*Action item*
Filter the lines below, keeping each one that holds "width".

:: Information given ::

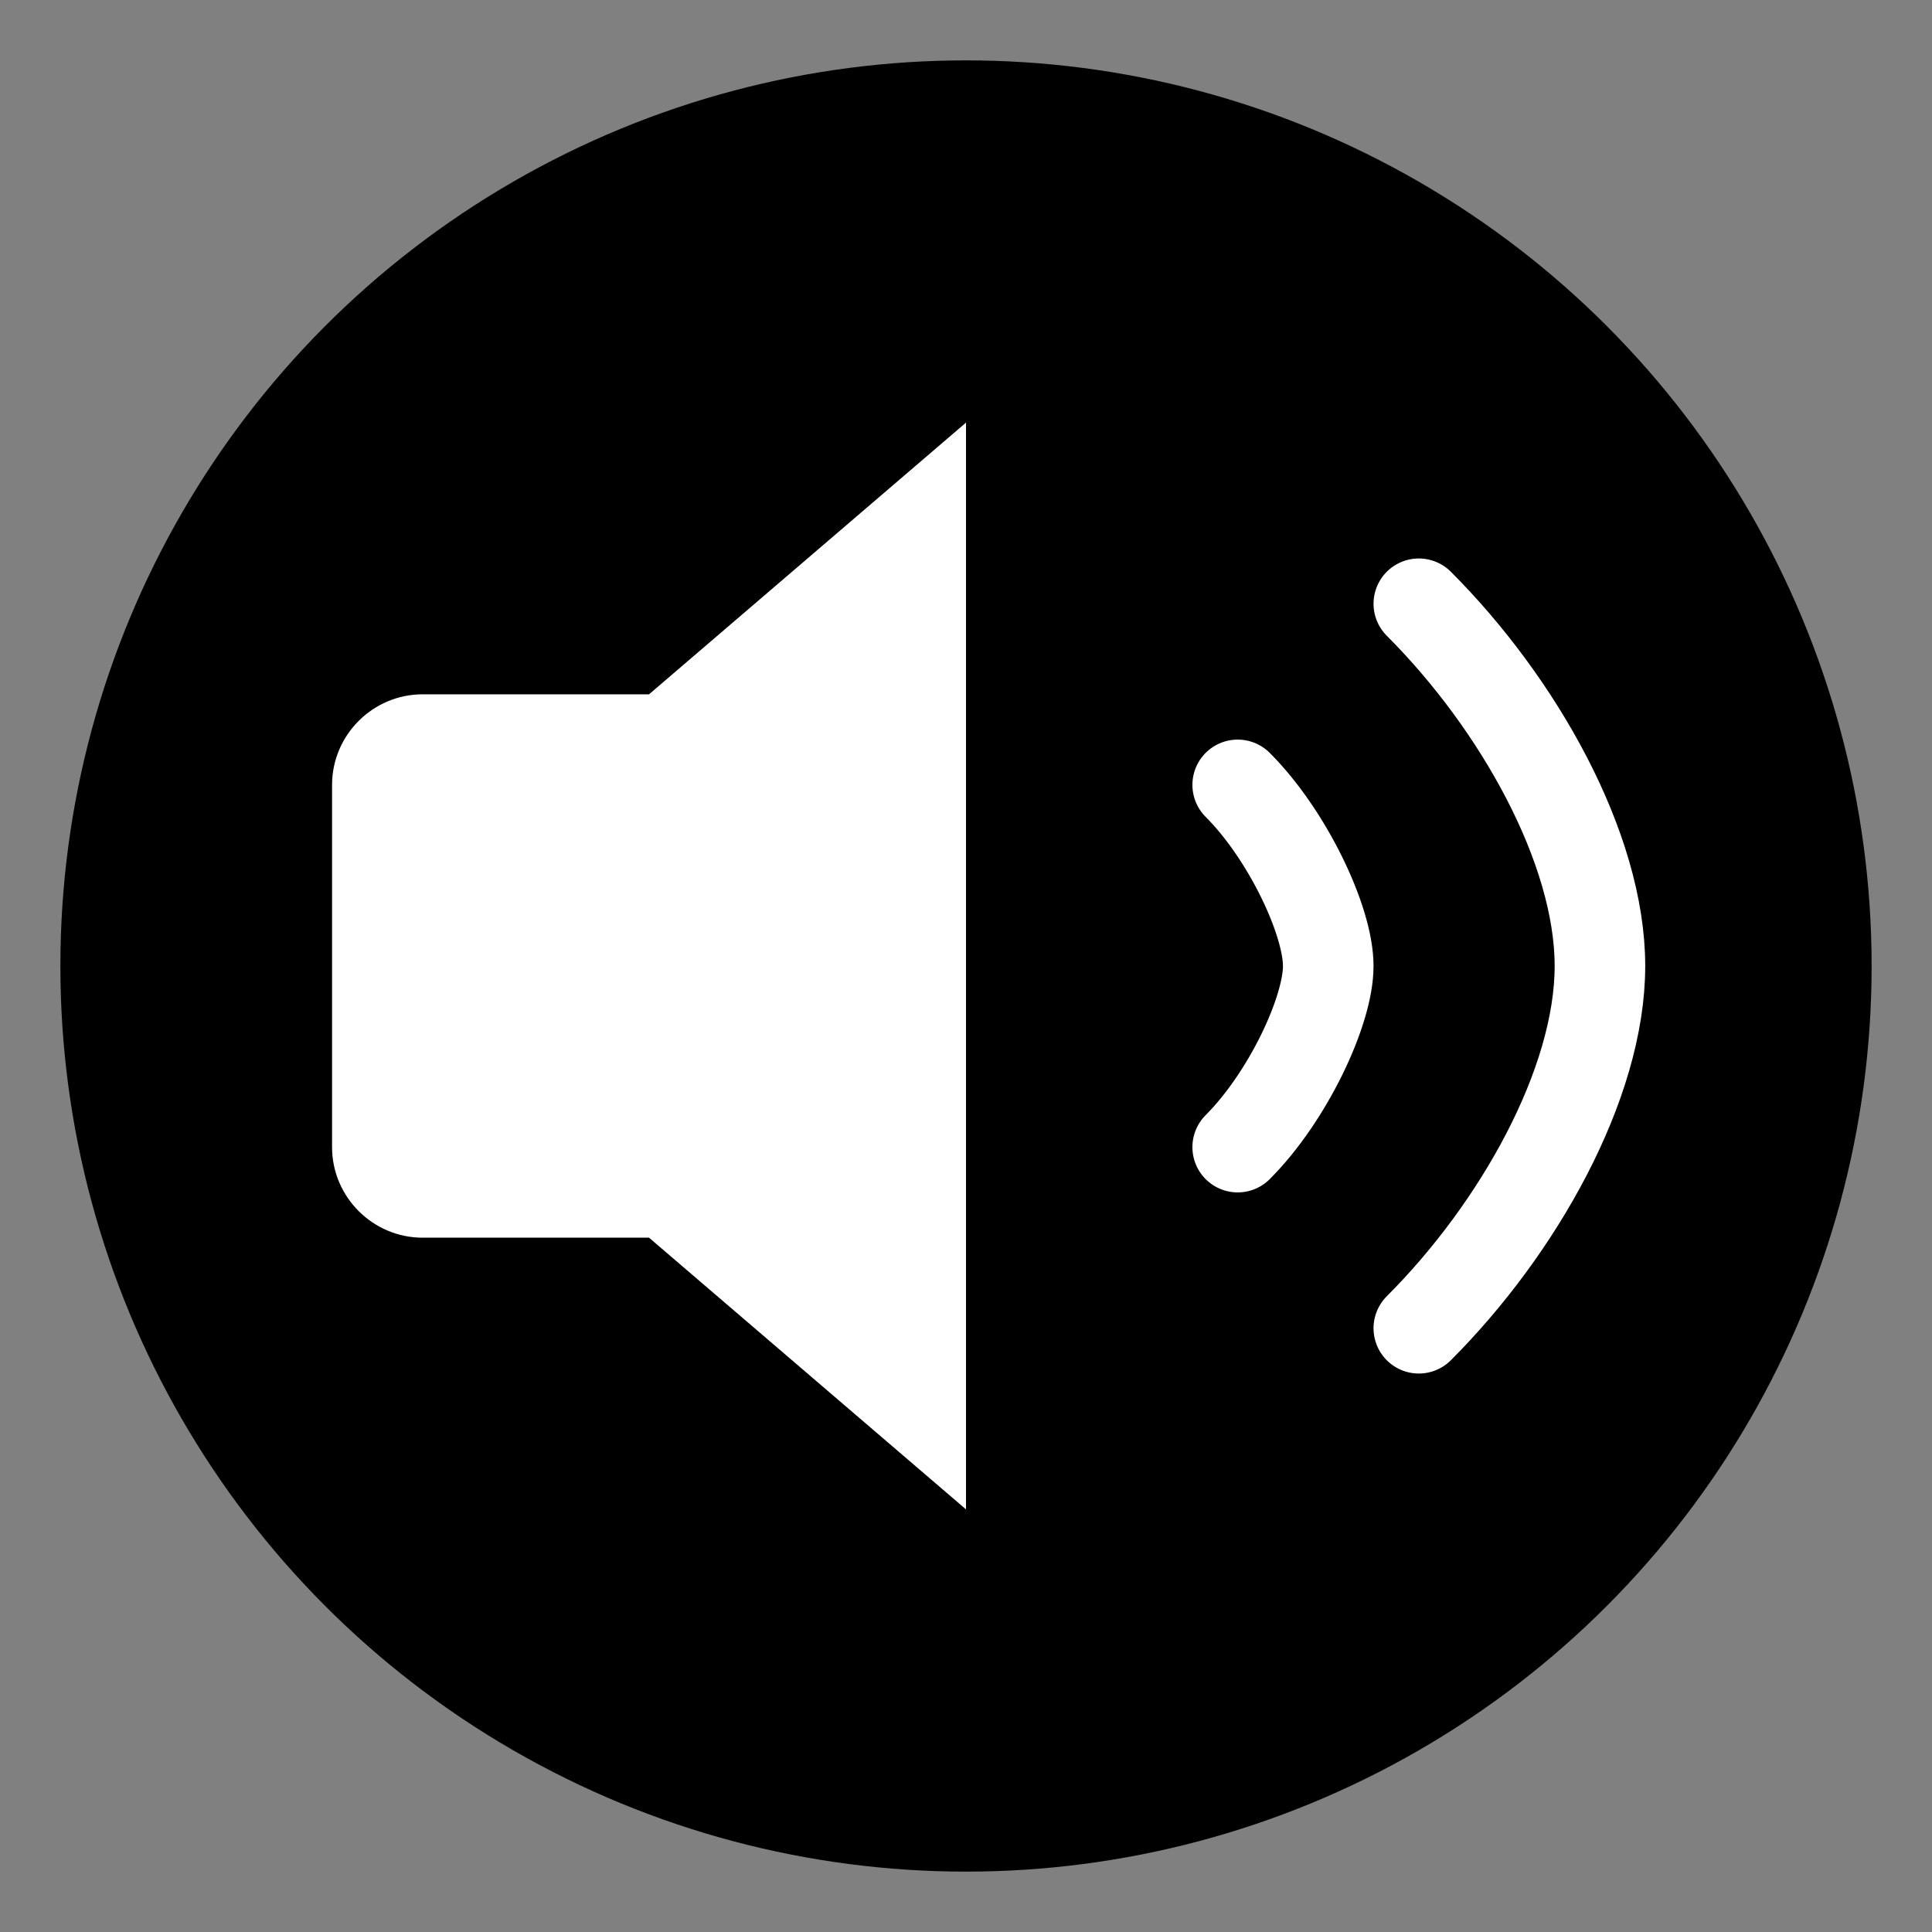 <?xml version="1.0" encoding="UTF-8"?>
<svg width="32px" height="32px" viewBox="0 0 32 32" version="1.1" xmlns="http://www.w3.org/2000/svg">
  <rect x="0" y="0" width="32" height="32" fill="#808080" stroke="none"/>
  <title>Speaker Icon</title>
  <g stroke="none" stroke-width="1" fill="none" fill-rule="evenodd">
    <!-- Black circle background -->
    <circle cx="16" cy="16" r="15" fill="#000000"/>
    <!-- White speaker icon with padding (scaled and translated) -->
    <g transform="translate(4, 4) scale(0.75)">
      <path d="M16,4 L9,10 L4,10 C2.9,10 2,10.9 2,12 L2,20 C2,21.1 2.9,22 4,22 L9,22 L16,28 L16,4 Z" fill="#FFFFFF" fill-rule="nonzero"/>
      <path d="M22,12 C23.1,13.1 24,15 24,16 C24,17 23.1,18.9 22,20" stroke="#FFFFFF" stroke-width="2" stroke-linecap="round"/>
      <path d="M26,8 C28.2,10.2 30,13.4 30,16 C30,18.6 28.2,21.8 26,24" stroke="#FFFFFF" stroke-width="2" stroke-linecap="round"/>
    </g>
  </g>
</svg>

:::

*Answer section*
<svg width="32px" height="32px" viewBox="0 0 32 32" version="1.1" xmlns="http://www.w3.org/2000/svg">
  <rect x="0" y="0" width="32" height="32" fill="#808080" stroke="none"/>
  <g stroke="none" stroke-width="1" fill="none" fill-rule="evenodd">
      <path d="M22,12 C23.1,13.1 24,15 24,16 C24,17 23.1,18.9 22,20" stroke="#FFFFFF" stroke-width="2" stroke-linecap="round"/>
      <path d="M26,8 C28.2,10.2 30,13.4 30,16 C30,18.6 28.2,21.8 26,24" stroke="#FFFFFF" stroke-width="2" stroke-linecap="round"/>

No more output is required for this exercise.